野暮ったい女子大学生のわたしたちは、両手を上に挙げてそれぞれに構え立った。鼻息は荒い。
ふいにやわい風が吹いて、白い花びらがまばらに舞う。ダサい格好をした私たちは必死になって花びらを両手でキャッチしようとした。
「花びらを両手でキャッチできたら彼氏ができるよ」
なんの根拠もないジンクスを信じて、ブスの総動員のようなわたしたちは懸命だった。(わたしが通う女子大は半分が女子アナ風情、もう半分は顔面交通事故だった。わたしの友だちはみな後者でわたしは言わずもがな顔面大惨事だった)
「好きな人の名前を書いた消しゴムを最後まで使い切ると恋が叶うよ」
「髪の毛についた毛を誰かに取られると失恋するよ」
「ピアスを開けると運勢が変わるよ」
様々なジンクスを聞いてそのたびにクスクスと笑った。そのくせ、ちょっとだけ信じた。根拠がまるでないけれど、でもジンクスを信じることで次の一手が変わるのであればあながち大嘘だとも言い切れないかもしれない。
今はジンクスを信じるほど純粋でもなくなってしまった。まだお恥ずかしいほどに幼稚な性格を残してはいるが、年齢を重ねて自分の目で見て聞いたものを信じ、自分の頭で考えたものを優先するように変わっていった。変わっていったはずだと信じたい。
「きのこ類は冷凍すると栄養価が高まるよ」
「植物ミルクは満腹感を満たしてくれるよ」
「生卵は賞味期限を長く過ぎても問題ないよ」
これらはジンクスではなく、根拠に基づく事実及び生活の知恵だ。
わたしはジンクスを捨てて、生活に役立つ知恵を身につけていきたいと切に願う。
でもひとつだけ。
「仕事が上手くいかなくなったときは、使っているペンを別のものに変えると上手くいくよ」
このジンクスは捨てられなくて私のなかで生きている。
笑われちゃうかな。負けるごとにリボンの色を変える柔ちゃんみたいって言われるのはちょっと嫌だけど…。
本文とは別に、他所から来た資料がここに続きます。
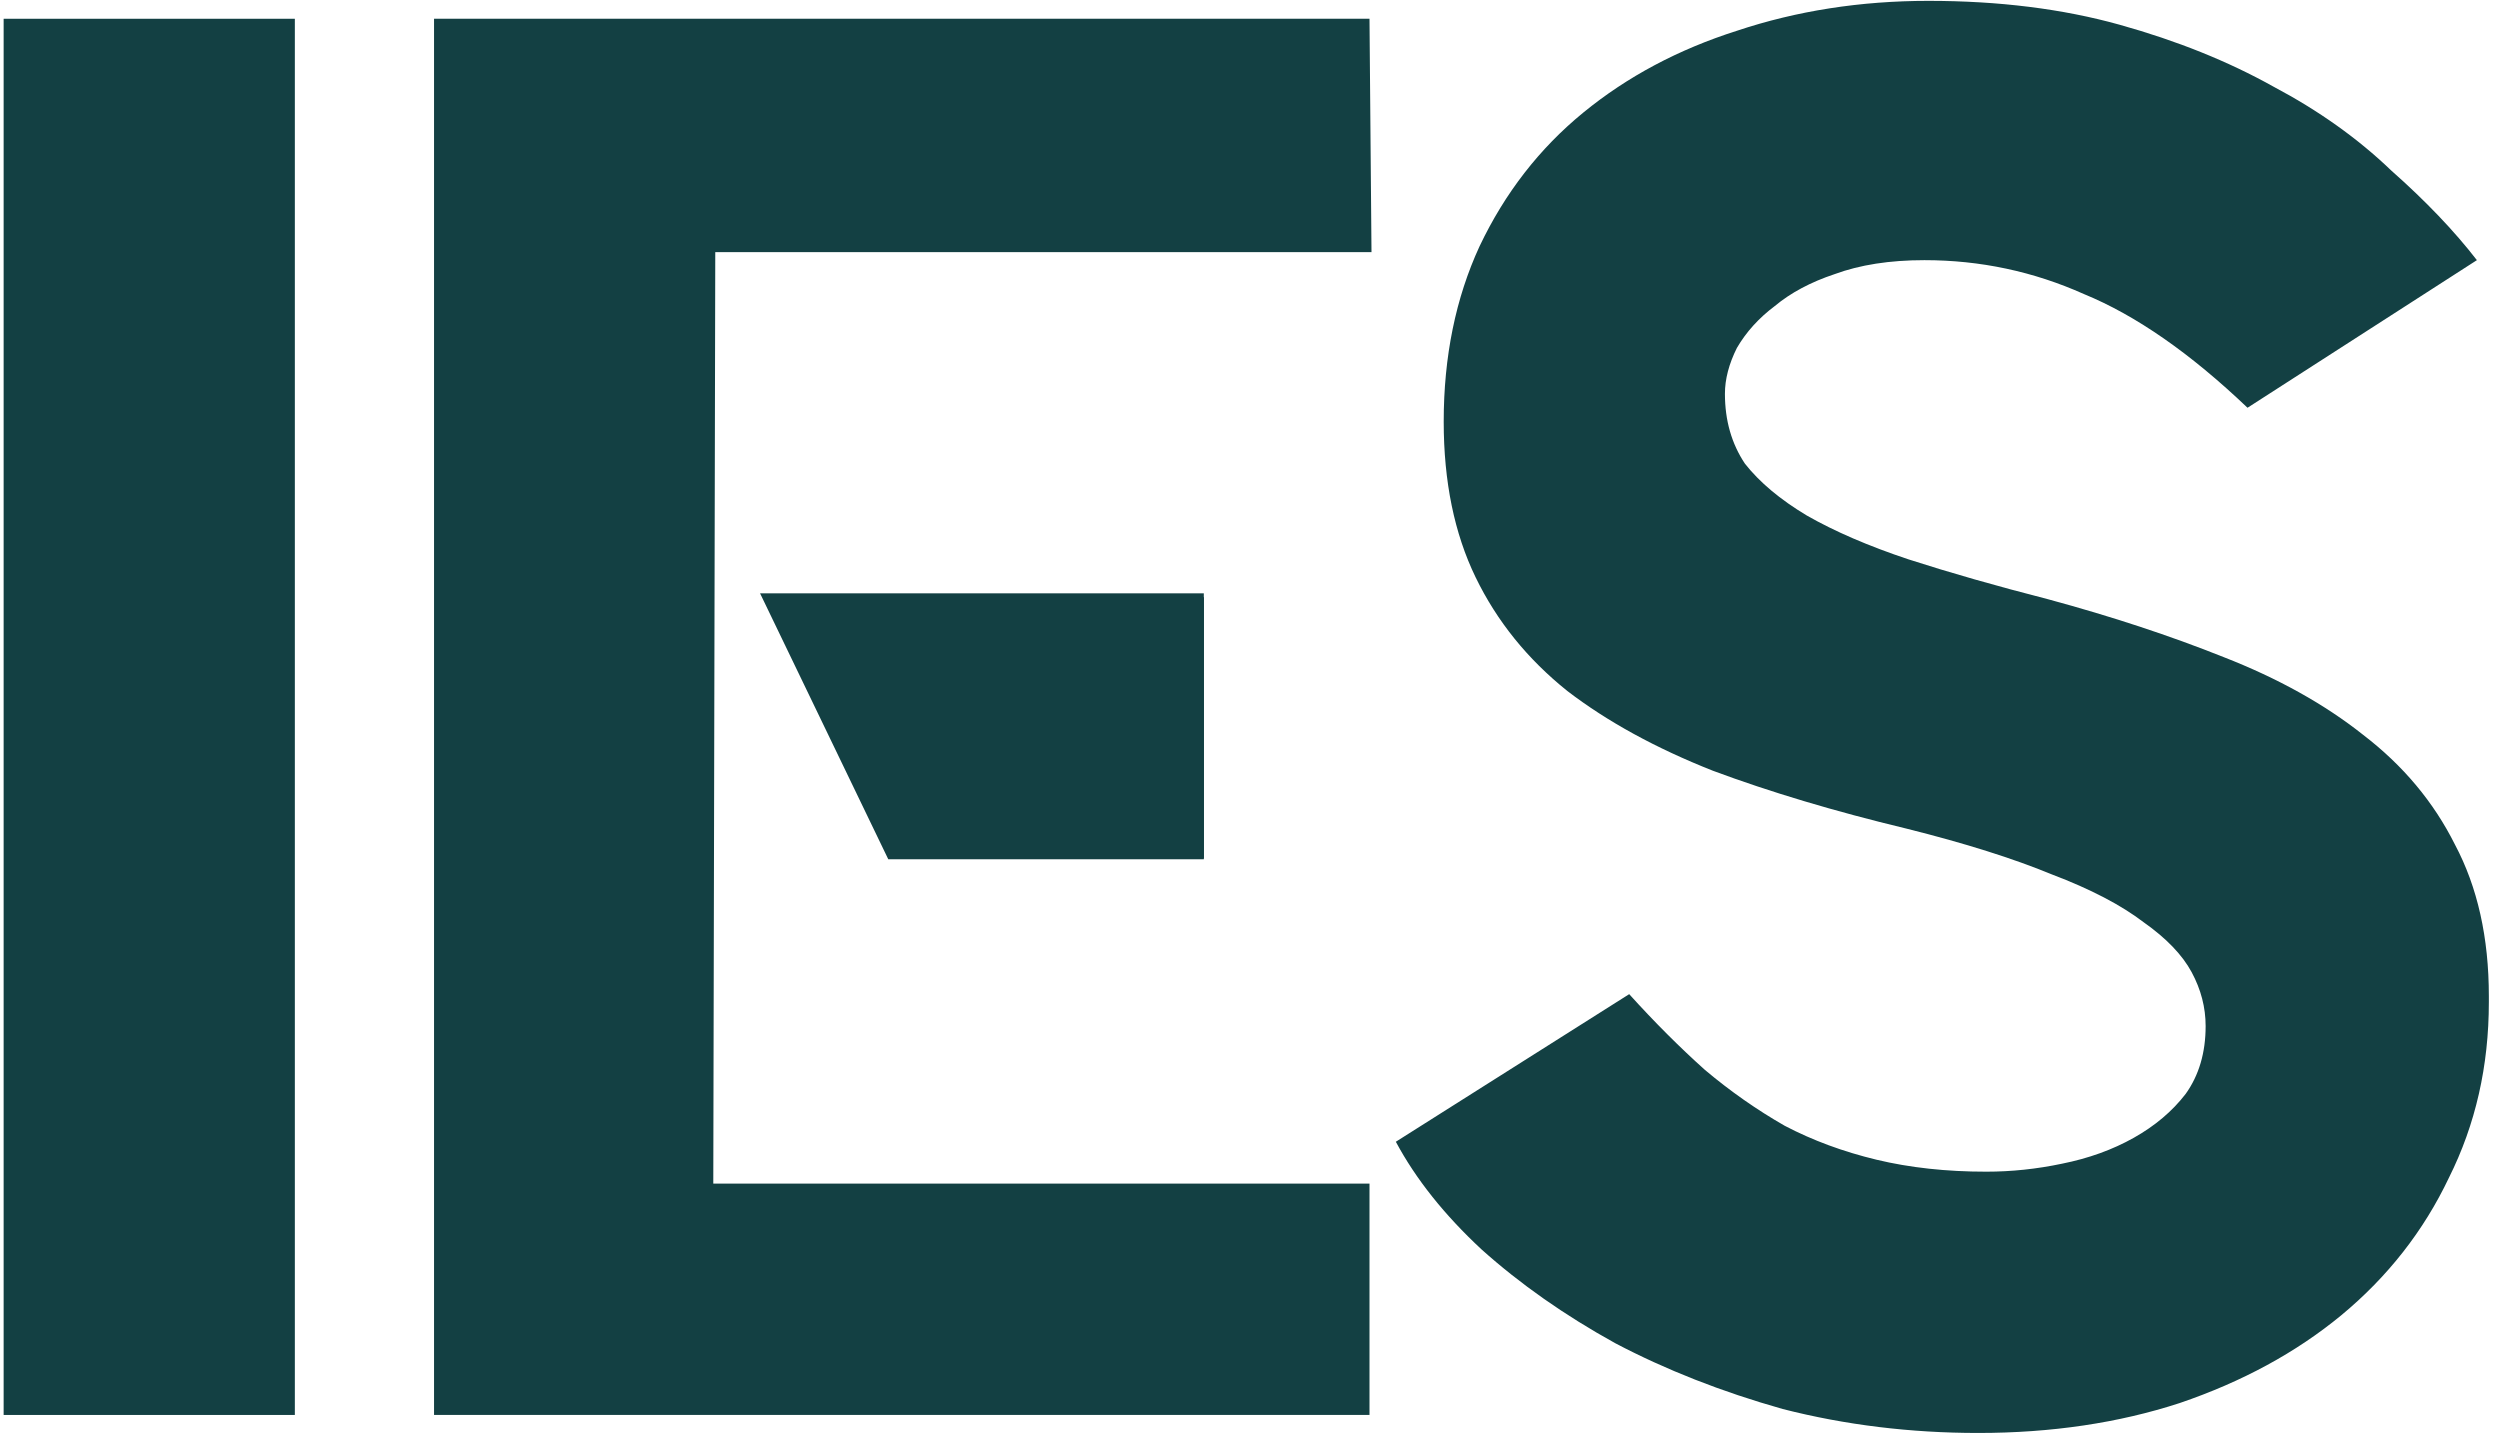 <?xml version="1.0" encoding="UTF-8"?> <svg xmlns="http://www.w3.org/2000/svg" width="174" height="100" viewBox="0 0 174 100" fill="none"><path d="M142.545 41.707C146.987 42.91 151.059 44.252 154.761 45.733C158.555 47.213 161.795 49.018 164.478 51.147C167.255 53.275 169.383 55.82 170.864 58.782C172.438 61.743 173.224 65.26 173.224 69.332V69.749C173.224 74.191 172.299 78.263 170.448 81.965C168.689 85.667 166.191 88.86 162.951 91.544C159.805 94.135 156.057 96.171 151.707 97.652C147.45 99.04 142.776 99.734 137.686 99.734C132.966 99.734 128.431 99.179 124.081 98.068C119.824 96.865 115.937 95.338 112.42 93.487C108.903 91.544 105.803 89.369 103.119 86.963C100.528 84.556 98.538 82.058 97.15 79.466L113.392 69.193C115.15 71.137 116.909 72.895 118.667 74.469C120.426 75.949 122.277 77.245 124.22 78.356C126.164 79.374 128.292 80.16 130.606 80.716C132.92 81.271 135.465 81.549 138.241 81.549C140 81.549 141.758 81.364 143.516 80.993C145.367 80.623 147.033 80.022 148.514 79.189C149.995 78.356 151.198 77.338 152.123 76.135C153.049 74.839 153.512 73.266 153.512 71.415C153.512 70.119 153.188 68.87 152.54 67.666C151.892 66.463 150.781 65.306 149.208 64.196C147.635 62.993 145.506 61.882 142.822 60.864C140.138 59.754 136.76 58.689 132.688 57.671C127.691 56.468 123.202 55.126 119.222 53.645C115.243 52.072 111.865 50.221 109.088 48.093C106.312 45.871 104.183 43.234 102.703 40.18C101.222 37.126 100.482 33.516 100.482 29.352C100.482 24.817 101.314 20.744 102.98 17.135C104.739 13.433 107.145 10.333 110.199 7.834C113.253 5.335 116.816 3.438 120.888 2.142C125.053 0.754 129.495 0.06 134.215 0.06C139.12 0.06 143.563 0.615 147.542 1.726C151.522 2.837 155.085 4.271 158.231 6.029C161.378 7.695 164.108 9.639 166.422 11.86C168.828 13.989 170.818 16.071 172.391 18.107L156.427 28.38C152.447 24.585 148.653 21.948 145.043 20.467C141.527 18.894 137.825 18.107 133.938 18.107C131.531 18.107 129.449 18.431 127.691 19.079C126.025 19.634 124.637 20.374 123.526 21.3C122.415 22.133 121.536 23.105 120.888 24.215C120.333 25.326 120.055 26.39 120.055 27.408C120.055 29.259 120.518 30.878 121.444 32.267C122.462 33.562 123.896 34.766 125.747 35.876C127.691 36.987 130.051 38.005 132.827 38.93C135.696 39.856 138.935 40.781 142.545 41.707Z" fill="#134043"></path><path d="M83.795 59.75H62.139L53.115 41.564H83.795V59.75ZM95.317 1.306L95.456 17.548H49.783L49.645 82.378H95.317V98.481H30.209V1.306H95.317Z" fill="#134043"></path><path d="M0.253 1.306H20.521V98.481H0.253V1.306Z" fill="#134043"></path><path d="M83.785 41.296H52.9L61.824 59.806H83.785V41.296Z" fill="#134043"></path></svg>

「あ!!! 見て見て見て!取れた!彼氏ゲットだぜー!!」
ほらほらと同級生にぺちゃっとなった花びらを鼻先に見せびらかした。
「声でかっ」
ブスは総じて声がでかい。
そうして20年月日が経過し、ジンクス通りかただの偶然かわからないけれど彼氏を何名かゲットし、リコールされたり、酷い目に遭ったりしてなんとかこの割れ鍋を笑って許してくれるひとに巡り合えたんだ。
今年は初心に戻ってふうわりと舞う花びらに願掛けでもしてみようか。
「世界人類がしあわせでありますように」
そっと花びらを両手で受け取ることができたなら、そのままの姿勢で目を瞑って、世界に祈ってみましょうか。
「世界人類がしあわせになりますように」
澄んだ心で、昔のままの気持ちで。
どうか、どうか、桜。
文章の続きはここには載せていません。